If a virtual function does not have a reasonable definition in the base class, it should be declared as pure virtual by writing =0.

Any class that has a pure virtual function is an abstract class. 有一个纯虚函数, 就是抽象类

Pure virtual function cannot be called, and an abstract class cannot be instantiated.

We can define pointer or reference to an abstract class, but never an object of that type!

An impure virtual function must be defined.

多态(不是类的那个概念)

Polymorphism: The provision of a single interface to entities of different types, or the use of a single symbol to represent multiple different types.

Polymorphism: The provision of a single interface to entities of different types, or the use of a single symbol to represent multiple different types.

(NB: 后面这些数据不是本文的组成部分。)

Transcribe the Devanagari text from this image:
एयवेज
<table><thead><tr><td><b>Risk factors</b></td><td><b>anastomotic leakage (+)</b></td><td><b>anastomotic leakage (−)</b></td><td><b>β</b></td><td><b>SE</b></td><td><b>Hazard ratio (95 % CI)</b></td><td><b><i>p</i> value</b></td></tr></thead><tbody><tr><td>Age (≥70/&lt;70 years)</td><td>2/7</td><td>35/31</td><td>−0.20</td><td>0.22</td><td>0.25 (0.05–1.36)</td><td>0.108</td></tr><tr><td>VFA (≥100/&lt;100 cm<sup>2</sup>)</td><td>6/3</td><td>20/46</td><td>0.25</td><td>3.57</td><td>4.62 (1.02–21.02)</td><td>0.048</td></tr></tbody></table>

  • Run-time polymorphism: Achieved via dynamic binding.
  • Compile-time polymorphism: Achieved via function overloading, templates, concepts (since C++20), etc.

is-a

Public inheritance means "is-a". Everything that applies to base classes must also apply to derived classes, because every derived class object is a base class object.

Inheritance of interface or implementation? (接口or实现)

假如说有一个基类叫做Airplane, 然后Model A/B都是一样的飞行模式, 但是C的飞行模式不一样. 那么如何设计程序? 两种思想: 第一种是基类定义方法, 但是派生类自己实现; 第二种是基类里面定义A/B的飞行模式, 但是C继承过来之后需要覆写

  1. 继承接口
  2. 指的是一个类或接口可以继承另一个接口。继承接口的类必须实现接口中定义的所有方法,除非该类也是声明为抽象类。
  3. 接口定义了一组方法的签名,但不提供这些方法的实现。继承接口允许类承诺实现这些方法,但具体的实现细节由类自己决定。
  4. 继承接口有助于定义系统的不同组件之间可以如何互相交互,它强调的是组件之间的契约。
  5. 继承实现
  6. 指的是一个类继承另一个类(即父类),从而获得父类的所有属性和方法。子类可以重写(override)父类的方法,也可以添加新的属性和方法。
  7. 继承实现可以使得子类复用父类的代码,减少重复劳动。同时,子类可以扩展父类的功能,实现多态性。
  8. 继承实现强调的是对现有代码的复用和扩展,它允许子类拥有父类的所有特性,并可以进一步定制。
class Airplane {
public:
  virtual void fly(const Airport &destination) = 0; // pure virtual
  // ...
protected:
  void defaultFly(const Airport &destination) {
    // Default code for flying an airplane to the given destination.
  }
};
class ModelA : public Airplane {
public: // AB都继承了实现 
  virtual void fly(const Airport &destination) {
    defaultFly(destination);
  }
  // ...
};
class ModelB : public Airplane {
public:
  virtual void fly(const Airport &destination) {
    defaultFly(destination);
  }
  // ...
};
class ModelC : public Airplane {
public: // C 继承接口, 并且覆写
  virtual void fly(const Airport &destination) {
    // The "Model C way" of flying.
    // Without the definition of this function, `ModelC` remains abstract,
    // which does not compile if we create an object of such type.
  }
};

We have come to the conclusion that

  • Pure virtual functions specify inheritance of interface only.(纯虚函数声明接口)
  • Simple (impure) virtual functions specify inheritance of interface + a default implementation. (虚函数声明了接口的同时, 提供了一个默认方法)
  • The default implementation can be overridden.

Moreover, non-virtual functions specify inheritance of interface + a mandatory implementation.(非虚函数提供的方法会被强制接受)

Note: In public inheritance, interfaces are always inherited.